Quand la médiation et le tribunal deviennent nécessaires
Si la mise en demeure reste sans réponse, vérifiez les conditions générales de vente ou la facture pour identifier le médiateur de la consommation dont relève l’entreprise. Vous devez avoir contacté le professionnel au préalable. La médiation est gratuite pour le consommateur, mais elle ne garantit pas que le cuisiniste acceptera la solution proposée.
Vous pouvez également effectuer un signalement sur SignalConso lorsque l’entreprise refuse ses obligations ou adopte une pratique contestable. Ce signalement peut attirer l’attention de l’administration, mais il ne remplace pas une demande d’indemnisation et ne contraint pas directement le professionnel à rembourser.
Lire aussi : FICOBA, qui peut le consulter et comment faire la demande
La voie judiciaire en dernier recours
Si aucun accord n’est trouvé, le tribunal judiciaire peut être saisi pour demander l’exécution des travaux, une réduction du prix, la résolution du contrat ou des dommages-intérêts. Pour une demande portant sur une somme n’excédant pas 5 000 euros, une tentative préalable de conciliation, de médiation ou de procédure participative est en principe obligatoire, sauf exception prévue par la procédure.

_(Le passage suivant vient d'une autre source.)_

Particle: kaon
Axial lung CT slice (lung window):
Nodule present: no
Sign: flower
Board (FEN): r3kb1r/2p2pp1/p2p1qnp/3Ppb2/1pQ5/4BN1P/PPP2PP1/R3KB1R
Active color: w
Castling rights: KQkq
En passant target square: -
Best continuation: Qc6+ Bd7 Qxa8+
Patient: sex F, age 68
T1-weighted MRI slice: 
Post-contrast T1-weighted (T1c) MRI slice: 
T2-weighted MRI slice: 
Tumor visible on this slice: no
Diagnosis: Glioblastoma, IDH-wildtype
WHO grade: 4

Lorsque les malfaçons sont techniques ou que le montant est élevé, une expertise judiciaire peut être demandée avant le procès au fond. Elle permet de faire établir l’origine des désordres, le coût des reprises et la part de responsabilité de chacun. Cette étape prend du temps, mais elle évite de bâtir une demande uniquement sur des photographies et des impressions personnelles.
Pour préparer le dossier, classez les pièces par ordre chronologique et rédigez une page qui résume les faits, les défauts, les démarches déjà réalisées et le montant demandé. Cette présentation claire facilite le travail du conciliateur, de l’assureur ou de l’avocat et montre que votre réclamation repose sur des éléments vérifiables.

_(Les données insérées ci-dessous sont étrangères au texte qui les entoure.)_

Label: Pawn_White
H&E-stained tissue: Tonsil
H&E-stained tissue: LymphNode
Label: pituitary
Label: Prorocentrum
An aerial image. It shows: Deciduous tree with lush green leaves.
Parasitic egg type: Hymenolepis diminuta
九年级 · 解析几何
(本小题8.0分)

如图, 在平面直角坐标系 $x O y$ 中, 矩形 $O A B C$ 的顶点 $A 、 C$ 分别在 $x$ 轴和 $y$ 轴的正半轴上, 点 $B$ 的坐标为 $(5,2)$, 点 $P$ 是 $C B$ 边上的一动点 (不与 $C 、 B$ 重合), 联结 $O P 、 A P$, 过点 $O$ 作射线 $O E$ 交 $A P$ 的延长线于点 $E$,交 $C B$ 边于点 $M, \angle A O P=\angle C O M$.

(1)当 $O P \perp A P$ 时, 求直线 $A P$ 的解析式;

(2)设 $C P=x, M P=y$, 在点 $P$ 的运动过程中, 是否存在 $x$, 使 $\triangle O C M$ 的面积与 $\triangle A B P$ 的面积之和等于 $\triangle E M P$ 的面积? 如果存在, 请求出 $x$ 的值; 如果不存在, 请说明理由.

Le dossier qui augmente réellement vos chances d’obtenir réparation
La meilleure stratégie consiste à agir tôt, sans dégrader les lieux et sans multiplier les échanges agressifs. Une réclamation précise, appuyée par le devis signé, des photographies datées et une mise en demeure chiffrée, obtient souvent plus de résultats qu’une menace immédiate de procès.
Gardez enfin en tête que le bon interlocuteur est généralement celui qui a vendu et facturé la prestation, même si la pose a été confiée à un sous-traitant. Le vendeur ne peut pas simplement vous renvoyer vers un poseur que vous n’avez jamais choisi. En cas de danger électrique, de fuite ou de meuble instable, la priorité reste la mise en sécurité, puis la conservation des preuves avant toute réparation définitive.